I claim that we can get rid of either ∨ or ∧, and the remaining set of {¬,∨,∧} is still functionally complete. This can be proven by de Morgan’s law.
A∨B = ¬(¬A∧¬B), therefore ∨ is not necessary when ¬ and ∧ are available. Likewise, A∧B = ¬(¬A∨¬B), therefore ∧ is not necessary when ¬ and ∨ are available.
Consequently, {¬,∧} and {¬,∨} are both minimum functionally equivalent sets.
In computer and electrical engineering, or-gates and and-gates are not that “natural”. Instead, nand-gates and nor-gates are more natural (due to the way semiconductor devices operate).
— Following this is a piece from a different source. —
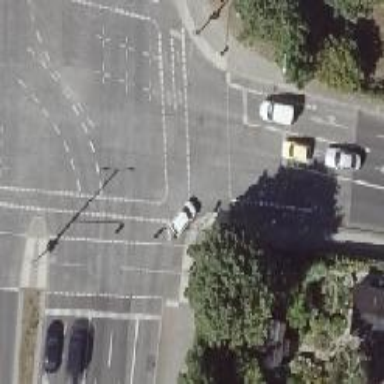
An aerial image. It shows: Crossing with traffic signals.

Let ⋅ represent nand, and + represent nand and nor, respectively. Then A⋅B = ¬(A ∧ B), and A+B = ¬(A ∨ B). I claim that {⋅} and {+} are both minimum functionally complete sets.
Here is the proof. ¬A = A+A = A⋅A, and A∧B = (A⋅B)⋅(A⋅B) = (A+A)+(B+B). Because we already know that {¬,∧} and {¬,∨} are both minimum functionally complete sets, it follows that {⋅} and {+} are functionally complete, as well.